*** AVAILABLE DATA
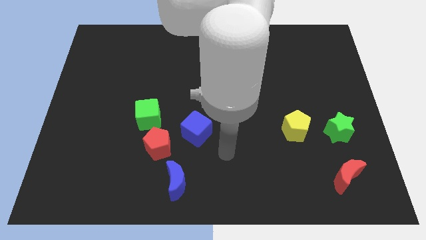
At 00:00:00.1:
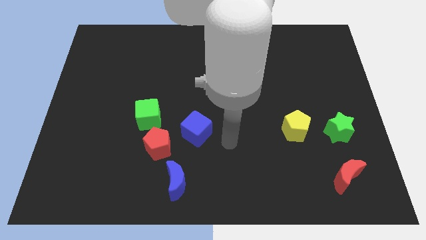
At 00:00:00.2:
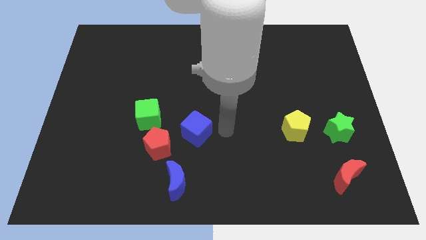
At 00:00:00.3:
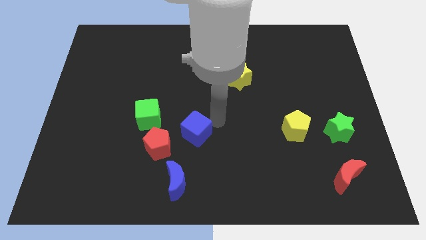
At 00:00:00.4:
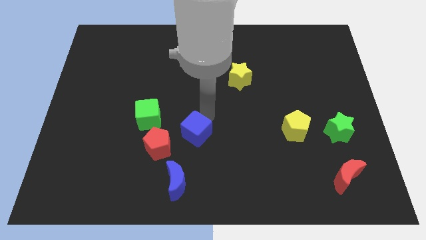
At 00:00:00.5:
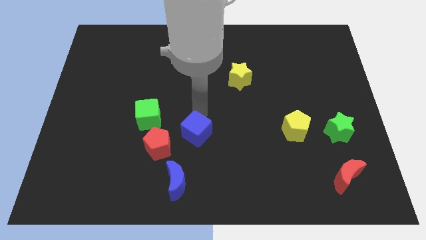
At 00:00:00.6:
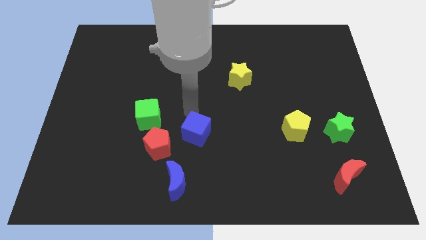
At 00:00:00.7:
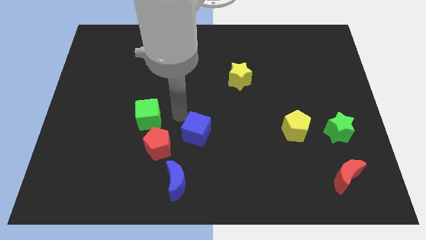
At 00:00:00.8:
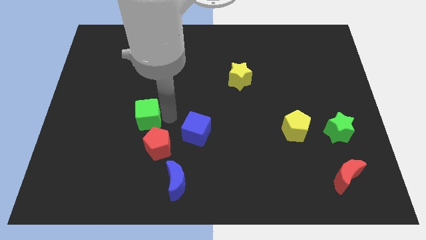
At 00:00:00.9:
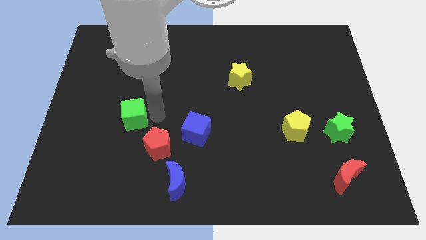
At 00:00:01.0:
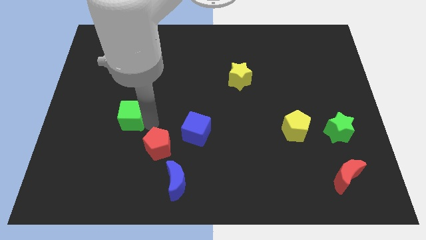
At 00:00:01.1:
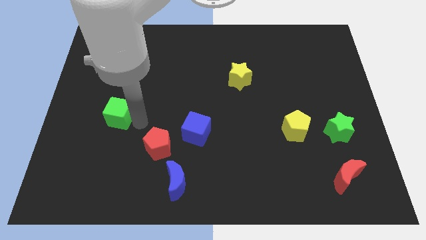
******
Transcribe each record exactly as it stands, setting aside any pictures.

RESULT OF THE TASK:
At 00:00:00.1:
At 00:00:00.2:
At 00:00:00.3:
At 00:00:00.4:
At 00:00:00.5:
At 00:00:00.6:
At 00:00:00.7:
At 00:00:00.8:
At 00:00:00.9:
At 00:00:01.0:
At 00:00:01.1:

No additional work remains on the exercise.